Two months ago, Mr. P, age 20, experienced paranoid thoughts, anxiety, agitation, and auditory hallucinations. During a brief hospitalization 1 month later, he received IM haloperidol, 2 mg, which he said “made his neck stiff.” After he was discharged, Mr. P, who is White, stopped taking his antipsychotics. During a recent outpatient evaluation, the clinician gives Mr.

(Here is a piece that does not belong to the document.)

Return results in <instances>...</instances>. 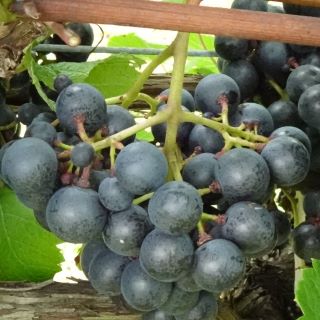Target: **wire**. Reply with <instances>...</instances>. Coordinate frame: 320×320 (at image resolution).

P a working diagnosis of schizophrenia and prescribes risperidone, 2 mg/d, with plans to titrate to 4 mg/d in the next 2 weeks. However, a week later, Mr. P complains of extreme sedation and feeling “knocked out” and does not want to continue taking the medication. Physical exam reveals slight cogwheel rigidity. His delusional thought content is not improved. The treating physician considers ordering a genetic test to determine Mr. P’s cytochrome P450 (CYP) 2D6 metabolizer status.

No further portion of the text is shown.